Create a new topic on Confluent Cloud
Create a value schema with the name “sampleRecord”:
{
  "type": "record",
  "namespace": "com.mycorp.mynamespace",
  "name": "sampleRecord",
…}
Create table with “avro-confluent” format:
CREATE TABLE `newtesttopic` (
     `my_field1` INT NOT NULL,
     `my_field2` DOUBLE NOT NULL,
     `my_field3` VARCHAR(2147483647) NOT NULL,
     ") WITH (
     'connector' = 'kafka',
     'topic' = 'newtesttopic',
     'scan.startup.mode' = 'latest-offset',
     'properties.bootstrap.servers' = 'bootstrapServers',
     'properties.sasl.jaas.config' = 'saslJaasConfig',
     'properties.sasl.mechanism' = 'PLAIN',
     'properties.security.protocol' = 'SASL_SSL',
     'format' = 'avro-confluent',
     'avro-confluent.url' = 'confluentSchemaRegUrl',
     'avro-confluent.basic-auth.credentials-source' = 'USER_INFO',
     'avro-confluent.basic-auth.user-info' = 'user:pw')
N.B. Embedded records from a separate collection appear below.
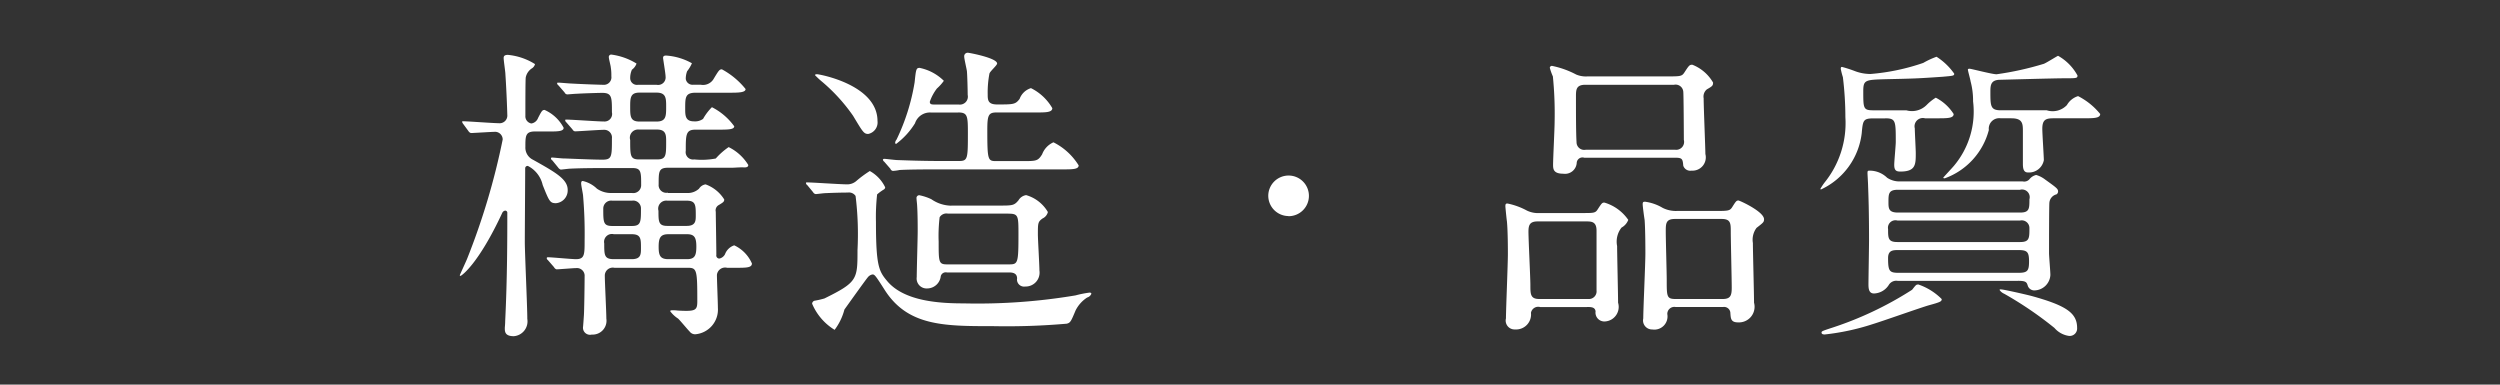 <svg id="g_tec.svg" xmlns="http://www.w3.org/2000/svg" width="130" height="20" viewBox="0 0 130 20">
  <rect x="0" y="0" width="130" height="20" fill="#333333" stroke="none"/>
  <defs>
    <style>
      .cls-1 {
        fill: #735600;
        opacity: 0;
      }

      .cls-2 {
        fill: #fff;
        fill-rule: evenodd;
      }
    </style>
  </defs>
  <rect id="長方形_9_のコピー" data-name="長方形 9 のコピー" class="cls-1" width="130" height="20"/>
  <path id="構造_品質" data-name="構造・品質" class="cls-2" d="M1749.73,287.018a0.4,0.4,0,0,1-.48-0.432c0-.672,0-0.864.5-0.864h3.33c0.1,0,.51-0.032.59-0.016,0.11,0,.24,0,0.24-0.128a2.475,2.475,0,0,0-1.02-.929,3.6,3.6,0,0,0-.67.593,3.838,3.838,0,0,1-1.12.048,0.383,0.383,0,0,1-.44-0.448c0-.833,0-1.1.5-1.1h1.17c0.51,0,.85,0,0.85-0.176a3.236,3.236,0,0,0-1.16-.992,2.759,2.759,0,0,0-.46.608,0.712,0.712,0,0,1-.48.128c-0.45,0-.45-0.32-0.45-0.656,0-.593,0-0.833.55-0.833h1.72c0.48,0,.87,0,0.87-0.192a4.047,4.047,0,0,0-1.23-1.024c-0.13,0-.16.048-0.45,0.528a0.641,0.641,0,0,1-.66.272h-0.37a0.355,0.355,0,0,1-.4-0.3,1.125,1.125,0,0,1,.07-0.4,1.837,1.837,0,0,0,.25-0.416,3.174,3.174,0,0,0-1.34-.4c-0.11,0-.16.032-0.16,0.128,0,0.048.13,0.816,0.13,0.96a0.391,0.391,0,0,1-.47.432h-0.96a0.35,0.35,0,0,1-.41-0.352,1.058,1.058,0,0,1,.09-0.432,0.681,0.681,0,0,0,.24-0.32,3.317,3.317,0,0,0-1.29-.464,0.124,0.124,0,0,0-.15.144c0,0.08.1,0.448,0.1,0.512a2.5,2.5,0,0,1,.03.464,0.391,0.391,0,0,1-.43.448c-0.11,0-1.09-.032-1.62-0.064-0.11,0-.61-0.048-0.7-0.048-0.04,0-.07,0-0.07.032a0.147,0.147,0,0,0,.07.112l0.32,0.368a0.161,0.161,0,0,0,.14.1c0.03,0,.4-0.032.46-0.032,0.55-.032,1.3-0.048,1.35-0.048,0.51,0,.51.224,0.51,1.009a0.392,0.392,0,0,1-.41.48c-0.32,0-1.69-.1-1.97-0.1-0.02,0-.05,0-0.05.032a0.155,0.155,0,0,0,.06.112l0.32,0.368a0.174,0.174,0,0,0,.13.1c0.16,0,1.27-.08,1.51-0.08a0.4,0.4,0,0,1,.41.448c0,0.945,0,1.105-.49,1.105-0.58,0-1.89-.064-2.04-0.064-0.09,0-.51-0.048-0.59-0.048a0.05,0.05,0,0,0-.05.048,0.133,0.133,0,0,0,.07.1l0.3,0.368a0.278,0.278,0,0,0,.14.112c0.04,0,.42-0.048.47-0.048,0.65-.032,1.44-0.032,1.9-0.032h1.36c0.45,0,.45.208,0.45,0.88a0.409,0.409,0,0,1-.48.416h-1.04a1.274,1.274,0,0,1-.78-0.224,1.54,1.54,0,0,0-.74-0.4c-0.08,0-.08.1-0.08,0.128,0,0.112.1,0.56,0.1,0.641a22.907,22.907,0,0,1,.08,2.336c0,0.721,0,.961-0.45.961-0.23,0-1.25-.1-1.47-0.1a0.05,0.05,0,0,0-.05.048,0.137,0.137,0,0,0,.06.1l0.32,0.368a0.205,0.205,0,0,0,.13.112c0.13,0,.88-0.064,1.02-0.064a0.4,0.4,0,0,1,.44.432c0,0.384-.02,1.873-0.04,2.065-0.01.16-.03,0.432-0.04,0.544a0.366,0.366,0,0,0,.45.416,0.722,0.722,0,0,0,.76-0.832c0-.352-0.08-1.9-0.08-2.225a0.414,0.414,0,0,1,.5-0.416h3.83c0.46,0,.48.128,0.48,1.745,0,0.48-.1.528-1.01,0.48a1.888,1.888,0,0,0-.29-0.016c-0.02,0-.11,0-0.11.048a1.533,1.533,0,0,0,.41.384c0.11,0.1.5,0.576,0.6,0.672a0.353,0.353,0,0,0,.3.144,1.288,1.288,0,0,0,1.17-1.376c0-.272-0.05-1.457-0.05-1.713a0.428,0.428,0,0,1,.53-0.368h0.45c0.54,0,.84,0,0.84-0.224a1.859,1.859,0,0,0-.92-0.944,0.769,0.769,0,0,0-.48.464,0.435,0.435,0,0,1-.29.224,0.158,0.158,0,0,1-.16-0.192c0-.368-0.03-2.065-0.03-2.241a0.315,0.315,0,0,1,.16-0.352c0.24-.144.28-0.176,0.28-0.288a1.9,1.9,0,0,0-.97-0.785,0.486,0.486,0,0,0-.34.224,0.864,0.864,0,0,1-.65.224h-0.97Zm-1.88,2.161c0.48,0,.48.24,0.48,0.721,0,0.32,0,.576-0.48.576h-0.93c-0.5,0-.5-0.208-0.5-0.816a0.409,0.409,0,0,1,.5-0.481h0.93Zm2.86-1.744c0.47,0,.47.24,0.47,0.768,0,0.272,0,.544-0.47.544h-1.01c-0.46,0-.46-0.224-0.46-0.784a0.42,0.42,0,0,1,.46-0.528h1.01Zm-2.85,0a0.405,0.405,0,0,1,.47.416c0,0.688,0,.9-0.47.9h-1.02c-0.47,0-.47-0.192-0.47-0.9a0.412,0.412,0,0,1,.47-0.416h1.02Zm2.87,1.744c0.38,0,.48.176,0.48,0.641,0,0.448-.07.656-0.48,0.656h-0.98c-0.42,0-.5-0.192-0.5-0.64s0.08-.657.5-0.657h0.98Zm-1.59-7.363c0.5,0,.5.3,0.5,0.737,0,0.48,0,.768-0.5.768h-0.89c-0.48,0-.48-0.288-0.48-0.752s0-.753.48-0.753h0.89Zm0.03,1.921c0.47,0,.47.3,0.47,0.624,0,0.721,0,.929-0.47.929h-0.94c-0.46,0-.46-0.192-0.46-1.009a0.426,0.426,0,0,1,.46-0.544h0.94Zm-5.63.1c0.45,0,.77,0,0.77-0.192a2.069,2.069,0,0,0-.99-0.928c-0.12,0-.15.048-0.34,0.416a0.444,0.444,0,0,1-.35.288,0.379,0.379,0,0,1-.31-0.4c0-.672,0-1.9.02-2a0.735,0.735,0,0,1,.34-0.48,0.36,0.36,0,0,0,.14-0.208,3.206,3.206,0,0,0-1.41-.48c-0.19,0-.22.08-0.22,0.16,0,0.144.09,0.72,0.09,0.832,0.07,1.04.1,2.1,0.1,2.129a0.4,0.4,0,0,1-.45.432c-0.3,0-1.58-.1-1.86-0.1a0.033,0.033,0,0,0-.04.032,0.308,0.308,0,0,0,.06.112l0.27,0.368a0.214,0.214,0,0,0,.13.1c0.11,0,1.09-.064,1.28-0.064a0.4,0.4,0,0,1,.37.4,36.055,36.055,0,0,1-1.86,6.227c-0.06.144-.37,0.816-0.37,0.832s0,0.032.04,0.032,0.92-.592,2.17-3.281a0.2,0.2,0,0,1,.15-0.112,0.111,0.111,0,0,1,.11.128c0,1.232,0,3.377-.11,5.618,0,0.16-.02.32-0.02,0.352,0,0.192,0,.432.47,0.432a0.773,0.773,0,0,0,.7-0.9c0-.64-0.13-3.425-0.13-4,0-.608.02-3.281,0.02-3.825a0.123,0.123,0,0,1,.14-0.128,1.476,1.476,0,0,1,.77.992c0.34,0.849.38,0.945,0.69,0.945a0.665,0.665,0,0,0,.61-0.689c0-.56-0.63-0.912-1.8-1.568a0.7,0.7,0,0,1-.4-0.673c0-.56,0-0.8.5-0.8h0.72Zm20.93,3.858a1.847,1.847,0,0,1-1.04-.336,2.678,2.678,0,0,0-.63-0.208,0.146,0.146,0,0,0-.14.176c0,0.064.03,0.3,0.03,0.352,0.03,0.448.03,1.1,0.03,1.328,0,0.384-.05,2.065-0.05,2.4a0.518,0.518,0,0,0,.55.592,0.714,0.714,0,0,0,.7-0.64,0.268,0.268,0,0,1,.32-0.192h3.24c0.33,0,.4.144,0.41,0.3a0.368,0.368,0,0,0,.42.432,0.723,0.723,0,0,0,.74-0.832c0-.3-0.08-1.617-0.08-1.873,0-.592,0-0.656.24-0.832a0.5,0.5,0,0,0,.28-0.336,1.923,1.923,0,0,0-1.13-.88,0.556,0.556,0,0,0-.4.272c-0.23.272-.31,0.272-1.03,0.272h-2.46Zm2.97,0.416c0.52,0,.52.112,0.52,1.1,0,1.473-.03,1.537-0.48,1.537h-3.24c-0.43,0-.43-0.128-0.43-1.185a8.23,8.23,0,0,1,.05-1.264,0.414,0.414,0,0,1,.43-0.192h3.15Zm-6.81-4.818c0-1.889-3.03-2.433-3.14-2.433-0.02,0-.11,0-0.11.048a4.386,4.386,0,0,0,.38.352,9.119,9.119,0,0,1,1.6,1.761c0.51,0.848.56,0.944,0.79,0.944A0.612,0.612,0,0,0,1760.63,283.289Zm-3.35,3.7a0.188,0.188,0,0,0,.14.1c0.04,0,.42-0.048.47-0.048,0.35-.016.85-0.032,1.2-0.032a0.411,0.411,0,0,1,.4.177,16.15,16.15,0,0,1,.1,2.817c0,1.52,0,1.664-1.72,2.513a4.539,4.539,0,0,1-.48.112,0.171,0.171,0,0,0-.16.16,2.921,2.921,0,0,0,1.17,1.36,3.022,3.022,0,0,0,.51-1.056c0.4-.56,1.11-1.553,1.22-1.681a0.4,0.4,0,0,1,.24-0.144c0.11,0,.16.064,0.61,0.768,1.2,1.921,3.1,1.921,5.66,1.921a35.862,35.862,0,0,0,3.83-.128c0.19-.048.22-0.112,0.46-0.688a1.721,1.721,0,0,1,.6-0.672,0.341,0.341,0,0,0,.22-0.192c0-.064-0.06-0.064-0.1-0.064a5.4,5.4,0,0,0-.72.144,30.726,30.726,0,0,1-5.82.416c-1.23,0-3.08-.1-3.97-1.153-0.43-.512-0.59-0.768-0.59-3.073a10.717,10.717,0,0,1,.06-1.441,2.54,2.54,0,0,1,.35-0.256,0.142,0.142,0,0,0,.07-0.112,1.92,1.92,0,0,0-.8-0.848,5.909,5.909,0,0,0-.68.5,0.718,0.718,0,0,1-.54.192c-0.32,0-1.76-.1-2.05-0.1-0.02,0-.05,0-0.05.032a0.147,0.147,0,0,0,.07.112Zm7.54-4.145c0.48,0,.51.16,0.51,1.024,0,1.377,0,1.5-.46,1.5h-0.99c-0.92,0-1.75-.032-2.21-0.048-0.12,0-.6-0.064-0.69-0.064a0.063,0.063,0,0,0-.07.048,0.171,0.171,0,0,0,.07.1l0.32,0.368a0.166,0.166,0,0,0,.13.112,2.42,2.42,0,0,0,.35-0.048c0.54-.032,1.63-0.032,2.02-0.032h6.45c0.51,0,.84,0,0.84-0.208a3.262,3.262,0,0,0-1.31-1.2,1.106,1.106,0,0,0-.59.625c-0.22.352-.3,0.352-1.04,0.352h-1.31c-0.47,0-.5,0-0.5-1.617,0-.768.06-0.912,0.48-0.912h2.07c0.48,0,.83,0,0.83-0.224a2.628,2.628,0,0,0-1.11-1.041,0.912,0.912,0,0,0-.59.56c-0.22.289-.32,0.289-1.17,0.289-0.49,0-.49-0.241-0.49-0.545a5.172,5.172,0,0,1,.09-1.056c0.02-.112.4-0.432,0.4-0.528,0-.288-1.45-0.56-1.52-0.56a0.181,0.181,0,0,0-.19.208c0,0.112.13,0.656,0.14,0.752,0.02,0.208.04,0.992,0.04,1.232a0.415,0.415,0,0,1-.47.5h-1.25c-0.14,0-.25,0-0.25-0.144a2.4,2.4,0,0,1,.37-0.689,2.394,2.394,0,0,0,.36-0.4,2.5,2.5,0,0,0-1.26-.672c-0.18,0-.19.08-0.26,0.752a10.859,10.859,0,0,1-.94,2.977,0.272,0.272,0,0,0-.07.16,0.053,0.053,0,0,0,.05.064,3.9,3.9,0,0,0,.98-1.072,0.817,0.817,0,0,1,.83-0.56h1.41Zm17.18,5.394a1.057,1.057,0,1,0-1.05-1.056A1.058,1.058,0,0,0,1782,288.235Zm15.52-7.267a1.3,1.3,0,0,1-.56-0.1,4.664,4.664,0,0,0-1.25-.448,0.106,0.106,0,0,0-.12.1,3.119,3.119,0,0,0,.16.448,19.616,19.616,0,0,1,.09,2.369c0,0.352-.08,1.905-0.08,2.225,0,0.224.02,0.464,0.53,0.464a0.609,0.609,0,0,0,.7-0.576,0.3,0.3,0,0,1,.39-0.256h4.72c0.38,0,.4.064,0.43,0.416a0.382,0.382,0,0,0,.43.256,0.692,0.692,0,0,0,.72-0.864c0-.3-0.09-2.433-0.09-2.9a0.482,0.482,0,0,1,.17-0.464c0.28-.16.32-0.192,0.32-0.352a2.152,2.152,0,0,0-1.08-.928c-0.15,0-.18.048-0.42,0.416-0.13.192-.21,0.192-0.94,0.192h-4.12Zm-0.05,3.81a0.4,0.4,0,0,1-.49-0.4c-0.03-.432-0.03-1.584-0.03-2.369,0-.352.01-0.608,0.49-0.608h4.61a0.4,0.4,0,0,1,.48.352c0.02,0.112.03,2.353,0.03,2.513a0.412,0.412,0,0,1-.46.513h-4.63Zm0.05,8.179c0.21,0,.42,0,0.45.224a0.46,0.46,0,0,0,.48.528,0.758,0.758,0,0,0,.69-0.976c0-.464-0.05-2.529-0.05-2.945a1.178,1.178,0,0,1,.23-0.961,0.763,0.763,0,0,0,.35-0.4,2.3,2.3,0,0,0-1.24-.9c-0.12,0-.14.032-0.35,0.352-0.13.208-.22,0.192-0.96,0.192h-2.06a1.324,1.324,0,0,1-.66-0.128,3.664,3.664,0,0,0-1.01-.368c-0.09,0-.11.032-0.11,0.144,0,0.048.06,0.656,0.08,0.784,0.05,0.512.05,1.5,0.05,1.7,0,0.528-.1,2.865-0.1,3.345a0.461,0.461,0,0,0,.47.576,0.779,0.779,0,0,0,.83-0.864,0.382,0.382,0,0,1,.48-0.3h2.43Zm-2.48-.416c-0.46,0-.46-0.256-0.46-0.721,0-.4-0.1-2.353-0.1-2.785,0-.352.08-0.528,0.48-0.528h2.5c0.29,0,.56,0,0.56.48v3.106a0.4,0.4,0,0,1-.43.448h-2.55Zm9.56,0.416a0.328,0.328,0,0,1,.38.32c0.02,0.272.02,0.48,0.4,0.48a0.813,0.813,0,0,0,.83-1.024c0-.48-0.06-2.657-0.06-3.105a1.028,1.028,0,0,1,.19-0.785c0.35-.272.39-0.3,0.39-0.448,0-.4-1.27-0.976-1.33-0.976-0.1,0-.13.032-0.32,0.336-0.13.208-.21,0.208-0.96,0.208h-1.92a1.531,1.531,0,0,1-.74-0.16,2.432,2.432,0,0,0-.91-0.32c-0.1,0-.13.016-0.13,0.128,0,0.128.08,0.7,0.1,0.816,0.04,0.5.04,1.617,0.04,1.745,0,0.544-.11,2.9-0.11,3.377a0.469,0.469,0,0,0,.47.576,0.685,0.685,0,0,0,.78-0.8,0.365,0.365,0,0,1,.43-0.368h2.47Zm-0.07-4.578c0.47,0,.47.24,0.47,0.656s0.05,2.465.05,2.929c0,0.4-.07.577-0.47,0.577h-2.45c-0.46,0-.46-0.128-0.46-0.993,0-.368-0.05-2.113-0.05-2.513,0-.416,0-0.656.48-0.656h2.43Zm15.41,3.217c0.43,0,.45.08,0.51,0.272a0.359,0.359,0,0,0,.37.225,0.849,0.849,0,0,0,.8-0.8c0-.176-0.07-0.976-0.07-1.136,0-.3,0-2.529.02-2.641a0.488,0.488,0,0,1,.37-0.417,0.185,0.185,0,0,0,.08-0.144c0-.144-0.07-0.192-0.67-0.624a1.4,1.4,0,0,0-.47-0.24,0.628,0.628,0,0,0-.35.224,0.366,0.366,0,0,1-.35.112h-6.39a1.142,1.142,0,0,1-.66-0.192,1.3,1.3,0,0,0-.88-0.368c-0.12,0-.14,0-0.14.128,0,0.064.03,0.544,0.03,0.64,0.02,0.545.05,1.329,0.05,2.833,0,0.369-.03,2-0.03,2.321,0,0.272.05,0.465,0.29,0.465a0.948,0.948,0,0,0,.78-0.465,0.457,0.457,0,0,1,.45-0.192h6.26Zm-6.28-2.017c-0.48,0-.48-0.208-0.48-0.672a0.389,0.389,0,0,1,.48-0.448h6.39a0.4,0.4,0,0,1,.48.4c0,0.512,0,.72-0.48.72h-6.39Zm6.39-2.721a0.4,0.4,0,0,1,.48.5c0,0.48,0,.688-0.48.688h-6.36c-0.49,0-.49-0.224-0.49-0.56,0-.417.01-0.625,0.49-0.625h6.36Zm-0.1,3.138c0.47,0,.56.1,0.56,0.592s-0.08.592-.56,0.592h-6.21c-0.49,0-.56-0.08-0.56-0.768,0-.416.27-0.416,0.55-0.416h6.22Zm-6.93-6.851c0.56,0,.56.128,0.56,1.232,0,0.176-.08,1.009-0.08,1.185,0,0.3.11,0.352,0.32,0.352,0.8,0,.8-0.368.8-0.96,0-.192-0.05-1.089-0.05-1.281a0.432,0.432,0,0,1,.53-0.528h0.6c0.57,0,.89,0,0.89-0.224a2.4,2.4,0,0,0-.93-0.849,2.523,2.523,0,0,0-.48.385,1.073,1.073,0,0,1-1.05.272h-1.72c-0.52,0-.52-0.1-0.52-0.993,0-.592.11-0.592,1.15-0.624,1.44-.032,1.6-0.032,2.98-0.128,0.54-.048.6-0.048,0.6-0.16a3.279,3.279,0,0,0-.92-0.88,4.211,4.211,0,0,0-.69.32,11.168,11.168,0,0,1-2.74.576,2.292,2.292,0,0,1-.8-0.144,6.417,6.417,0,0,0-.69-0.224c-0.05,0-.06.048-0.06,0.1a3.421,3.421,0,0,0,.11.432,17.437,17.437,0,0,1,.13,2.081,4.919,4.919,0,0,1-1.09,3.409,2.988,2.988,0,0,0-.21.32,0.038,0.038,0,0,0,.03.032,3.7,3.7,0,0,0,2.12-2.929c0.06-.672.08-0.768,0.62-0.768h0.59Zm1.72,8.643c-0.1,0-.12.032-0.31,0.272a18.054,18.054,0,0,1-4.29,2.017c-0.38.128-.42,0.144-0.42,0.208,0,0.1.12,0.1,0.17,0.1a12.218,12.218,0,0,0,2.51-.544c0.48-.144,2.51-0.864,2.91-0.976,0.58-.16.66-0.192,0.66-0.32A3.158,3.158,0,0,0,1814.74,291.788Zm4.24,0.288a0.558,0.558,0,0,0,.24.193,19.132,19.132,0,0,1,2.61,1.776,1.218,1.218,0,0,0,.76.416,0.387,0.387,0,0,0,.42-0.416c0-.784-0.58-1.168-2.38-1.664-0.44-.112-1.45-0.337-1.56-0.337C1819.02,292.044,1818.98,292.044,1818.98,292.076Zm0.62-8.931c0.59,0,.59.3,0.59,0.688v1.6c0,0.224-.01.528,0.26,0.528a0.784,0.784,0,0,0,.83-0.64c0-.176-0.08-1.377-0.08-1.633,0-.5.21-0.544,0.61-0.544h1.5c0.56,0,.9,0,0.9-0.224a3.555,3.555,0,0,0-1.15-.929,1.009,1.009,0,0,0-.58.465,1.019,1.019,0,0,1-1.05.272h-2.39c-0.54,0-.54-0.224-0.54-0.977,0-.336.03-0.576,0.44-0.608,0.1,0,2.87-.08,3.45-0.08s0.64,0,.64-0.144a2.592,2.592,0,0,0-1.01-1.024c-0.03,0-.61.368-0.74,0.416a15.8,15.8,0,0,1-2.46.544c-0.23,0-1.32-.288-1.4-0.288-0.03,0-.09,0-0.09.048,0,0.064.13,0.512,0.14,0.608a3.887,3.887,0,0,1,.13,1.041,4.376,4.376,0,0,1-.99,3.345c-0.08.1-.56,0.608-0.56,0.624,0,0.032.06,0.032,0.08,0.032a3.651,3.651,0,0,0,2.29-2.513,0.544,0.544,0,0,1,.62-0.608h0.56Z" transform="translate(-1715 -277)"/>
</svg>

Insert data into the “newtesttopic”
The following error is thrown:
io.confluent.kafka.schemaregistry.client.rest.exceptions.RestClientException: 
Schema being registered is incompatible with an earlier schema for subject 
"newtesttopic-value", details: [Incompatibility{type:NAME_MISMATCH, 
location:/name, message:expected: com.mycorp.mynamespace.sampleRecord, 
reader:{"type":"record","name":"record",...}, 
writer:{"type":"record","name":"sampleRecord",...}
This error of course can be avoided if we don’t register a schema for our topic 
on the Confluent Cloud site before inserting data into the kafka table, and we 
just let Flink register it for us with the name “record”.

The cause of the error

I found that the error is caused by the 
EncodingFormat<SerializationSchema<RowData>> created by 
RegistryAvroFormatFactory.createEncodingFormat, because when creating a 
AvroRowDataSerializationSchema, it uses 
AvroSchemaConverter.convertToSchema(LogicalType schema) 
<https://github.com/apache/flink/blob/359217381a3a5e48133614407445435c3bc97622/flink-formats/flink-avro-confluent-registry/src/main/java/org/apache/flink/formats/avro/registry/confluent/RegistryAvroFormatFactory.java#L100>
which names the schema “record” 
<https://github.com/apache/flink/blob/359217381a3a5e48133614407445435c3bc97622/flink-formats/flink-avro/src/main/java/org/apache/flink/formats/avro/typeutils/AvroSchemaConverter.java#L306>
 by default.

But the registered schema is named “sampleRecord” in the above example, so the 
Confluent Schema Registry client doesn’t accept it.
The problem

To resolve this I added a new option “schema-name” to “avro-confluent” and 
“debezium-avro-confluent” formats. And as I was testing the 
“debezium-avro-confluent” format, it turned out that this solution doesn’t 
solve the problem in those cases when there are named schemas (record, enum, 
fixed types) nested in the schema of the topic.

For example:
In case of “debezium-avro-confluent” the schema created is a union of null and 
a Debezium specific record schema (before, after, op). If I use the above 
option to provide a specific name for the schema, I get an 
org.apache.avro.UnresolvedUnionException, because 
AvroRowDataSerializationSchema 
<https://github.com/apache/flink/blob/359217381a3a5e48133614407445435c3bc97622/flink-formats/flink-avro/src/main/java/org/apache/flink/formats/avro/AvroRowDataSerializationSchema.java#L79>
 converts the RowType to a record schema with the name “record”, which will not 
be found in the union, if the the Debezium specific record has a different name.
Union type is problematic because in the general case, if we define a union 
schema [schema1, schema2]meaning that the schema is either schema1 or schema2, 
we must determine somehow which schema we are converting the RowType to.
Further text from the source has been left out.